The COVID-19 pandemic certainly constitutes an extraordinary event that can trigger application of the rebus sic stantibus principle in different legal systems, however before taking any legal action it is recommended to review and analyze appropriate provisions and jurisprudence that would apply to particular contractual obligations.
The rebus sic stantibus doctrine is not the only response to a change of circumstances as often it appears to be insufficient for constantly evolving and flexible contractual practices. Thus, in order to meet the challenges other autonomous solutions have been developed, primarily the force majeure clause and the hardship clause. Both institutions respond to an unforeseen change of circumstances for the purpose of protecting an affected party of a contract. The force majeure clause aims to free a party from liability for failure to perform contractual obligations in the case of impossibility to perform the obligations as a result of certain events specified in the contract.

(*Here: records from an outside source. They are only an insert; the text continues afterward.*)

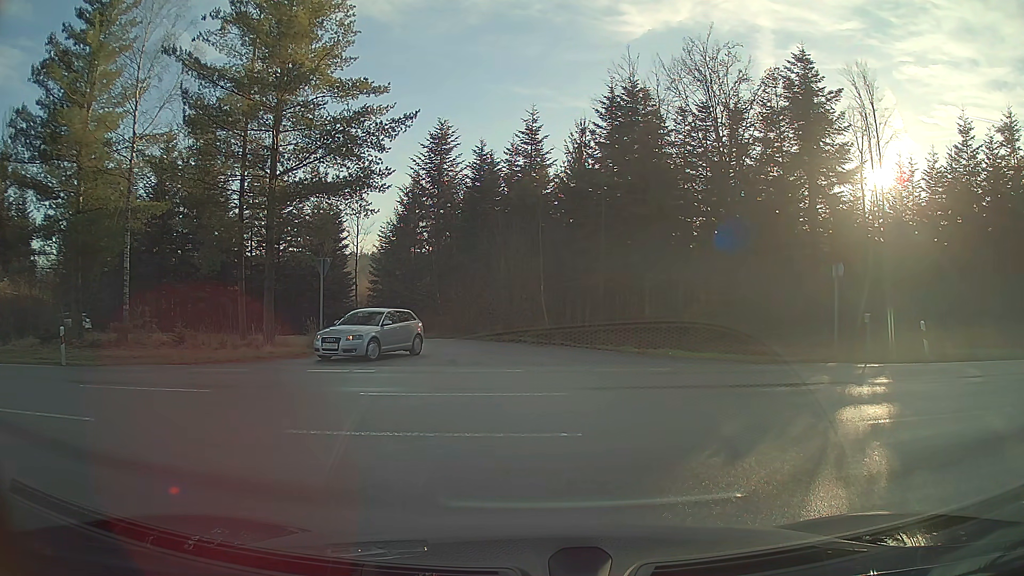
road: tertiary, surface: asphalt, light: Day
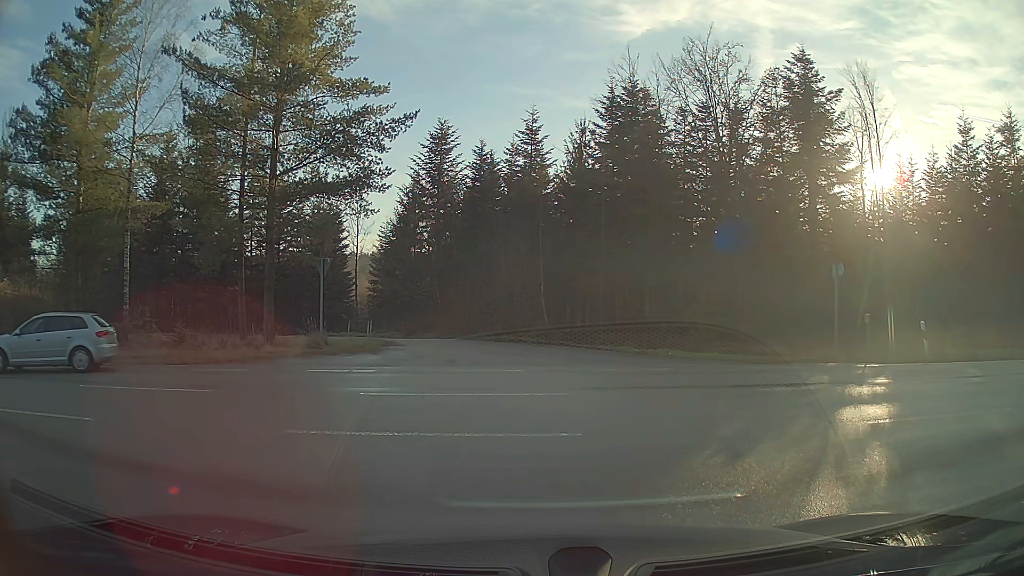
(0.0, 0.0) m; 0°
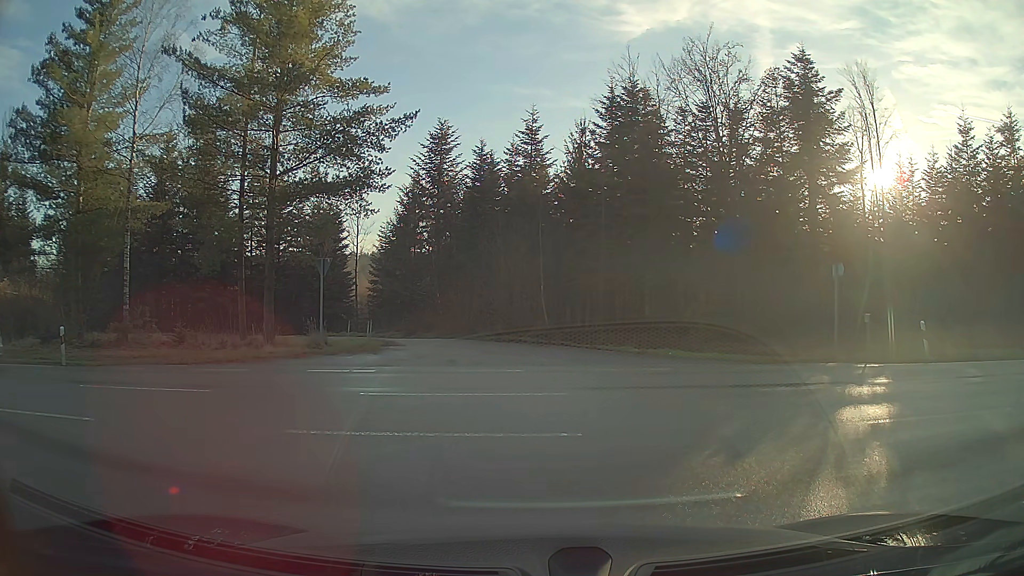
(0.0, 0.0) m; 0°
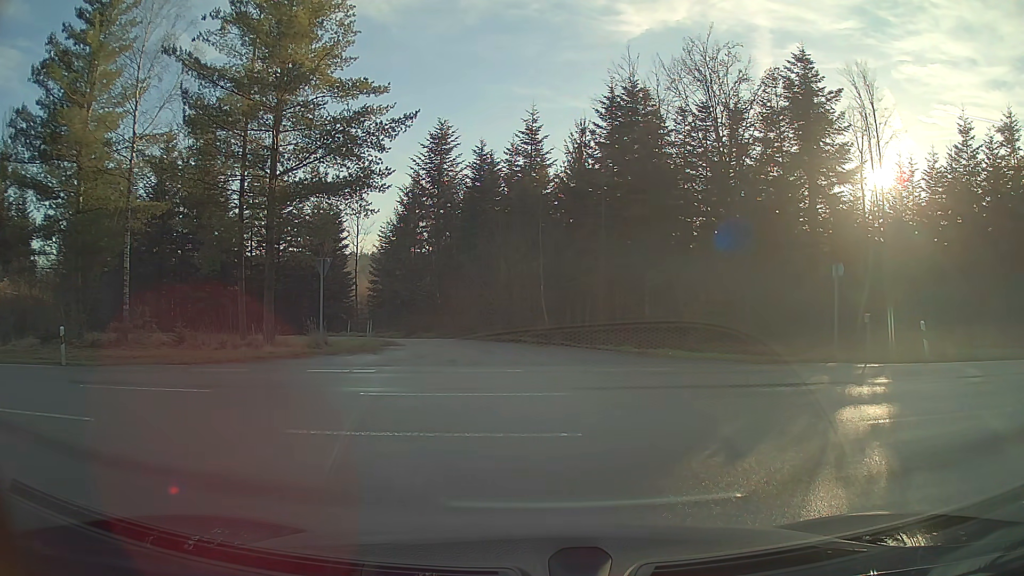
(0.0, 0.0) m; 0°
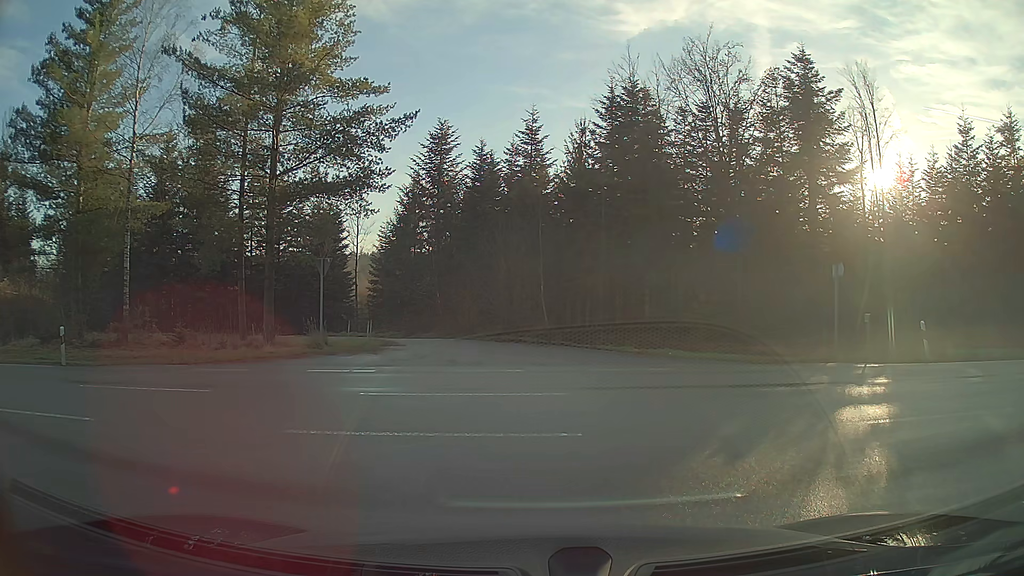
(0.0, 0.0) m; 0°
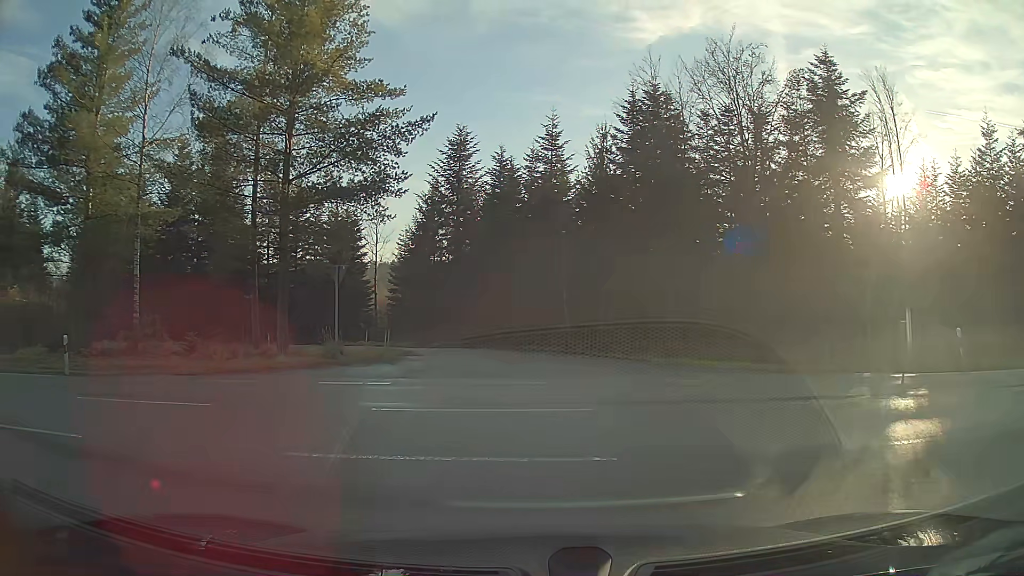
(0.0, +0.9) m; -4°
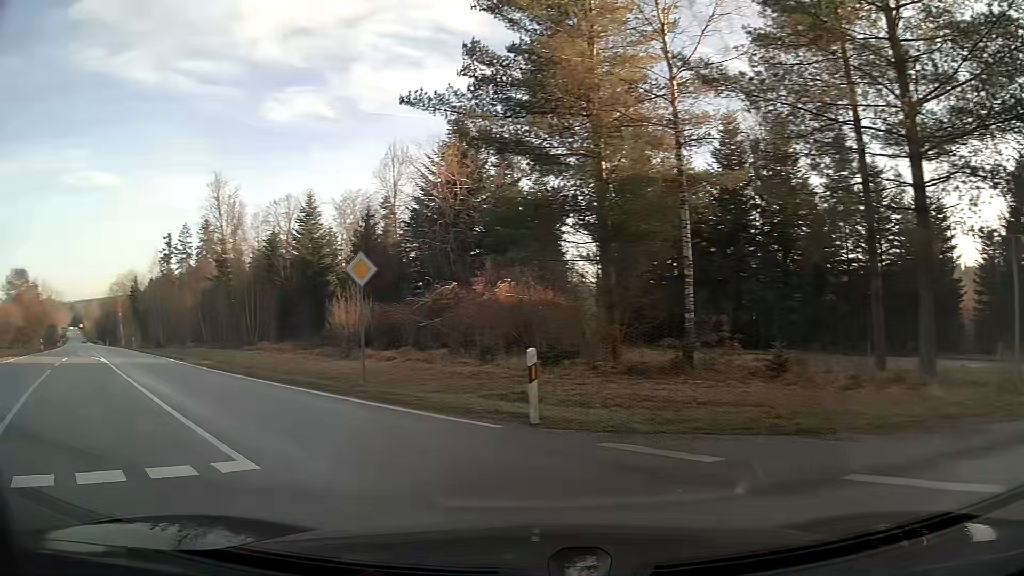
(-4.5, +8.8) m; -50°
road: secondary
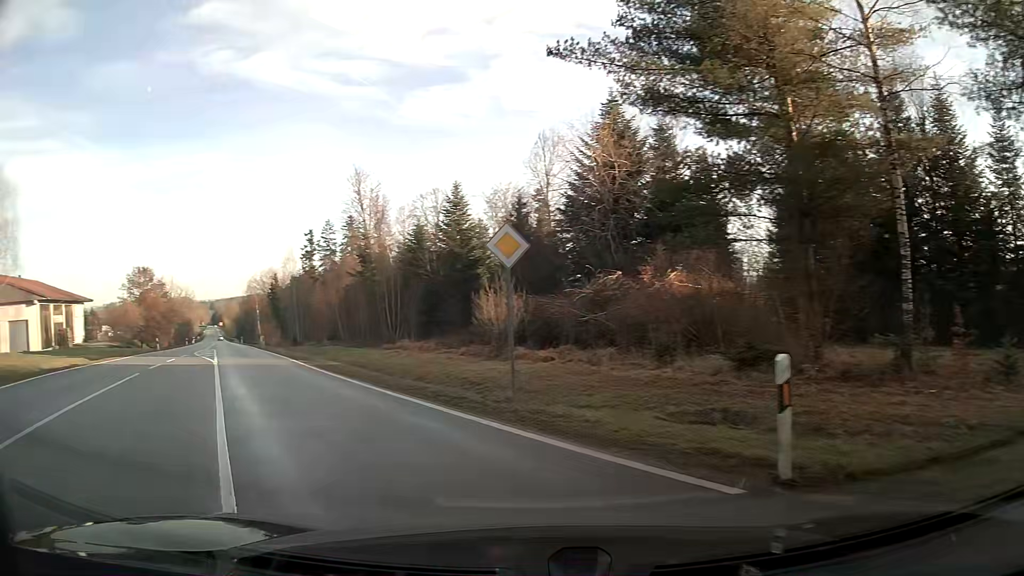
(-0.5, +3.9) m; -13°

Whereas, the purpose of the hardship clause is to maintain the most significant provisions of the contract in order to reflect its meaning in the new reality. It determines that the parties should still perform their contractual obligations even if, due to a change of circumstances, the contract’s performance have been rendered more burdensome than it had been anticipated at the contract’s conclusion. Both of the clauses must be included in a contract in order to be applicable. It must be emphasized that different countries’ doctrine and jurisprudence have developed various solutions and constructions related to those clauses, however direct and complete contractual provision can spare contracting parties a lot of trouble. If a contract does not explicitly indicate an epidemic or pandemic as examples of force majeure then, the answer to the question whether the COVID-19 can be regarded as one is not straightforward. On the other hand, the hardship clause should also list a pandemic unambiguously. Otherwise, in lack of contractual provisions, every case would be examined individually on the basis of the actual data and parties would be obliged to prove their positions.
Conclusion
An attention must be drawn to the fact that countries’ approaches to the rebus sic stantibus doctrine differ significantly. Such heterogeneity does not meet the requirements neither of the dynamics of economic transactions nor of the international contractual practices, and it has led to various attempts to regulate all possible variants in contracts and giving more importance to the force majeure, the hardship and also renegotiation clauses. A careful attention must be paid to negotiating and constructing the contracts as it is certain that not all of the situations can be foreseen, thus certain universal but at the same time precise provisions must be included in a contract in order to fully protect contracting parties. Moreover, it is important to consider with care and to determine the law that will govern the contract. It should be also bear in mind that even if a certain legal system provides for a codified variant of the rebus sic stantibus clause (as described above) the relevant jurisprudence should be cautiously analyzed as most probably it will be applied in the event of the relevant legal provisions being found ambiguous.